• [Your instructions]
Please retype the records below exactly, leaving out any pictures.

+++ Records +++

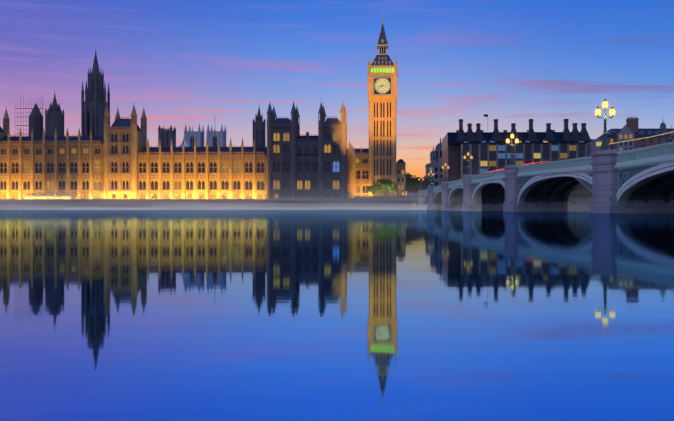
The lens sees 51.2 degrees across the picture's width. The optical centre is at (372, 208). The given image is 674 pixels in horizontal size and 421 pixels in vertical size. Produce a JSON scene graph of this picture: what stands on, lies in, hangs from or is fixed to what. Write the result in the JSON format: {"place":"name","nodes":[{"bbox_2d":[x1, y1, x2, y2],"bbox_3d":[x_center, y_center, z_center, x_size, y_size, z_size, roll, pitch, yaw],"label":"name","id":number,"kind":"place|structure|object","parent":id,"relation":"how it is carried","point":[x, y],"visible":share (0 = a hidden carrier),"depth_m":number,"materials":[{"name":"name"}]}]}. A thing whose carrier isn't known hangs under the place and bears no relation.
{"place":"outdoors","nodes":[
{"label":"outdoors","id":0,"kind":"place"},
{"bbox_2d":[15,51,265,146],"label":"towers","id":1,"kind":"structure","parent":0,"point":[93,105],"depth_m":345.90,"materials":[{"name":"stone"}]},
{"bbox_2d":[184,124,226,146],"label":"distant towers","id":2,"kind":"structure","parent":0,"point":[212,137],"depth_m":523.40,"materials":[{"name":"stone"}]},
{"bbox_2d":[0,210,673,420],"bbox_3d":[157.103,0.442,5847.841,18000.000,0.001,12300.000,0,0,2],"label":"river water","id":3,"kind":"structure","parent":0,"point":[283,315],"depth_m":2.90,"materials":[{"name":"blue liquid"}]},
{"bbox_2d":[0,196,417,209],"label":"river wall","id":4,"kind":"structure","parent":3,"relation":"in","point":[373,199],"depth_m":257.21,"materials":[{"name":"stone"}]},
{"bbox_2d":[24,193,75,198],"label":"terrace marquees","id":5,"kind":"object","parent":4,"relation":"on","point":[43,195],"depth_m":260.38,"materials":[{"name":"white fabric"}]},
{"bbox_2d":[0,170,432,209],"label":"terrace","id":6,"kind":"structure","parent":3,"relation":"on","point":[267,205],"depth_m":249.44,"materials":[{"name":"beige stone"}]},
{"bbox_2d":[407,142,673,212],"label":"bridge","id":7,"kind":"structure","parent":3,"relation":"in","point":[639,180],"depth_m":88.23,"materials":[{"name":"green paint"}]},
{"bbox_2d":[418,99,615,189],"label":"street lamps","id":8,"kind":"object","parent":7,"relation":"on","point":[605,145],"visible":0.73,"depth_m":69.01,"materials":[{"name":"metal"}]},
{"bbox_2d":[486,131,673,172],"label":"light trails","id":9,"kind":"object","parent":7,"relation":"on","point":[600,145],"visible":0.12,"depth_m":77.71,"materials":[{"name":"red"}]},
{"bbox_2d":[0,0,673,195],"label":"sky","id":10,"kind":"structure","parent":0,"point":[192,63],"materials":[{"name":"blue"}]},
{"bbox_3d":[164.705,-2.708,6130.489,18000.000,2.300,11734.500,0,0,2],"label":"ground","id":11,"kind":"structure","parent":0,"visible":0},
{"bbox_2d":[0,105,266,198],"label":"palace","id":12,"kind":"structure","parent":11,"relation":"on","point":[118,150],"depth_m":267.36,"materials":[{"name":"stone"}]},
{"bbox_2d":[6,185,429,205],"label":"terrace and street lamps","id":13,"kind":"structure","parent":11,"relation":"on","point":[176,196],"depth_m":258.83,"materials":[{"name":"yellow metal"}]},
{"bbox_2d":[266,99,346,198],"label":"building","id":14,"kind":"structure","parent":11,"relation":"on","point":[291,152],"depth_m":262.94,"materials":[{"name":"stone"}]},
{"bbox_2d":[366,185,379,195],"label":"tree","id":15,"kind":"object","parent":11,"relation":"on","point":[372,189],"depth_m":298.91,"materials":[{"name":"green plant"}]},
{"bbox_2d":[347,142,405,198],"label":"building","id":16,"kind":"structure","parent":11,"relation":"on","point":[357,161],"depth_m":322.18,"materials":[{"name":"stone"}]},
{"bbox_2d":[367,13,397,195],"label":"clock tower","id":17,"kind":"structure","parent":11,"relation":"on","point":[382,75],"depth_m":320.13,"materials":[{"name":"stone"}]},
{"bbox_2d":[374,179,397,195],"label":"tree","id":18,"kind":"object","parent":11,"relation":"on","point":[379,184],"depth_m":293.59,"materials":[{"name":"green plant"}]},
{"bbox_2d":[406,175,413,187],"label":"embankment tree","id":19,"kind":"object","parent":11,"relation":"on","point":[409,181],"depth_m":359.32,"materials":[{"name":"green plant"}]},
{"bbox_2d":[406,182,420,192],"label":"embankment tree","id":20,"kind":"object","parent":11,"relation":"on","point":[410,188],"depth_m":342.98,"materials":[{"name":"green plant"}]},
{"bbox_2d":[408,174,420,184],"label":"embankment tree","id":21,"kind":"object","parent":11,"relation":"on","point":[417,181],"depth_m":378.12,"materials":[{"name":"green plant"}]},
{"bbox_2d":[415,177,426,192],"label":"embankment tree","id":22,"kind":"object","parent":11,"relation":"on","point":[424,185],"depth_m":397.23,"materials":[{"name":"green plant"}]},
{"bbox_2d":[422,176,433,186],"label":"embankment tree","id":23,"kind":"object","parent":11,"relation":"on","point":[428,182],"depth_m":417.85,"materials":[{"name":"green plant"}]},
{"bbox_2d":[442,114,593,181],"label":"building","id":24,"kind":"structure","parent":11,"relation":"on","point":[489,151],"depth_m":328.85,"materials":[{"name":"grey stone"}]},
{"bbox_2d":[425,117,673,188],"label":"background buildings","id":25,"kind":"structure","parent":11,"relation":"on","point":[630,130],"depth_m":376.68,"materials":[{"name":"grey stone"}]}
]}

+++

• [Answer to this exercise]
The lens sees 51.2 degrees across the picture's width. The optical centre is at (372, 208). The given image is 674 pixels in horizontal size and 421 pixels in vertical size. Produce a JSON scene graph of this picture: what stands on, lies in, hangs from or is fixed to what. Write the result in the JSON format: {"place":"name","nodes":[{"bbox_2d":[x1, y1, x2, y2],"bbox_3d":[x_center, y_center, z_center, x_size, y_size, z_size, roll, pitch, yaw],"label":"name","id":number,"kind":"place|structure|object","parent":id,"relation":"how it is carried","point":[x, y],"visible":share (0 = a hidden carrier),"depth_m":number,"materials":[{"name":"name"}]}]}. A thing whose carrier isn't known hangs under the place and bears no relation.
{"place":"outdoors","nodes":[
{"label":"outdoors","id":0,"kind":"place"},
{"bbox_2d":[15,51,265,146],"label":"towers","id":1,"kind":"structure","parent":0,"point":[93,105],"depth_m":345.90,"materials":[{"name":"stone"}]},
{"bbox_2d":[184,124,226,146],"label":"distant towers","id":2,"kind":"structure","parent":0,"point":[212,137],"depth_m":523.40,"materials":[{"name":"stone"}]},
{"bbox_2d":[0,210,673,420],"bbox_3d":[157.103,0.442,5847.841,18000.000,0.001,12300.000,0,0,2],"label":"river water","id":3,"kind":"structure","parent":0,"point":[283,315],"depth_m":2.90,"materials":[{"name":"blue liquid"}]},
{"bbox_2d":[0,196,417,209],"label":"river wall","id":4,"kind":"structure","parent":3,"relation":"in","point":[373,199],"depth_m":257.21,"materials":[{"name":"stone"}]},
{"bbox_2d":[24,193,75,198],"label":"terrace marquees","id":5,"kind":"object","parent":4,"relation":"on","point":[43,195],"depth_m":260.38,"materials":[{"name":"white fabric"}]},
{"bbox_2d":[0,170,432,209],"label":"terrace","id":6,"kind":"structure","parent":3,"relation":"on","point":[267,205],"depth_m":249.44,"materials":[{"name":"beige stone"}]},
{"bbox_2d":[407,142,673,212],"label":"bridge","id":7,"kind":"structure","parent":3,"relation":"in","point":[639,180],"depth_m":88.23,"materials":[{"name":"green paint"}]},
{"bbox_2d":[418,99,615,189],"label":"street lamps","id":8,"kind":"object","parent":7,"relation":"on","point":[605,145],"visible":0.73,"depth_m":69.01,"materials":[{"name":"metal"}]},
{"bbox_2d":[486,131,673,172],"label":"light trails","id":9,"kind":"object","parent":7,"relation":"on","point":[600,145],"visible":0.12,"depth_m":77.71,"materials":[{"name":"red"}]},
{"bbox_2d":[0,0,673,195],"label":"sky","id":10,"kind":"structure","parent":0,"point":[192,63],"materials":[{"name":"blue"}]},
{"bbox_3d":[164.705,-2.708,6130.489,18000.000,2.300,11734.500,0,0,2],"label":"ground","id":11,"kind":"structure","parent":0,"visible":0},
{"bbox_2d":[0,105,266,198],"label":"palace","id":12,"kind":"structure","parent":11,"relation":"on","point":[118,150],"depth_m":267.36,"materials":[{"name":"stone"}]},
{"bbox_2d":[6,185,429,205],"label":"terrace and street lamps","id":13,"kind":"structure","parent":11,"relation":"on","point":[176,196],"depth_m":258.83,"materials":[{"name":"yellow metal"}]},
{"bbox_2d":[266,99,346,198],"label":"building","id":14,"kind":"structure","parent":11,"relation":"on","point":[291,152],"depth_m":262.94,"materials":[{"name":"stone"}]},
{"bbox_2d":[366,185,379,195],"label":"tree","id":15,"kind":"object","parent":11,"relation":"on","point":[372,189],"depth_m":298.91,"materials":[{"name":"green plant"}]},
{"bbox_2d":[347,142,405,198],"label":"building","id":16,"kind":"structure","parent":11,"relation":"on","point":[357,161],"depth_m":322.18,"materials":[{"name":"stone"}]},
{"bbox_2d":[367,13,397,195],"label":"clock tower","id":17,"kind":"structure","parent":11,"relation":"on","point":[382,75],"depth_m":320.13,"materials":[{"name":"stone"}]},
{"bbox_2d":[374,179,397,195],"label":"tree","id":18,"kind":"object","parent":11,"relation":"on","point":[379,184],"depth_m":293.59,"materials":[{"name":"green plant"}]},
{"bbox_2d":[406,175,413,187],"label":"embankment tree","id":19,"kind":"object","parent":11,"relation":"on","point":[409,181],"depth_m":359.32,"materials":[{"name":"green plant"}]},
{"bbox_2d":[406,182,420,192],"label":"embankment tree","id":20,"kind":"object","parent":11,"relation":"on","point":[410,188],"depth_m":342.98,"materials":[{"name":"green plant"}]},
{"bbox_2d":[408,174,420,184],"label":"embankment tree","id":21,"kind":"object","parent":11,"relation":"on","point":[417,181],"depth_m":378.12,"materials":[{"name":"green plant"}]},
{"bbox_2d":[415,177,426,192],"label":"embankment tree","id":22,"kind":"object","parent":11,"relation":"on","point":[424,185],"depth_m":397.23,"materials":[{"name":"green plant"}]},
{"bbox_2d":[422,176,433,186],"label":"embankment tree","id":23,"kind":"object","parent":11,"relation":"on","point":[428,182],"depth_m":417.85,"materials":[{"name":"green plant"}]},
{"bbox_2d":[442,114,593,181],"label":"building","id":24,"kind":"structure","parent":11,"relation":"on","point":[489,151],"depth_m":328.85,"materials":[{"name":"grey stone"}]},
{"bbox_2d":[425,117,673,188],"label":"background buildings","id":25,"kind":"structure","parent":11,"relation":"on","point":[630,130],"depth_m":376.68,"materials":[{"name":"grey stone"}]}
]}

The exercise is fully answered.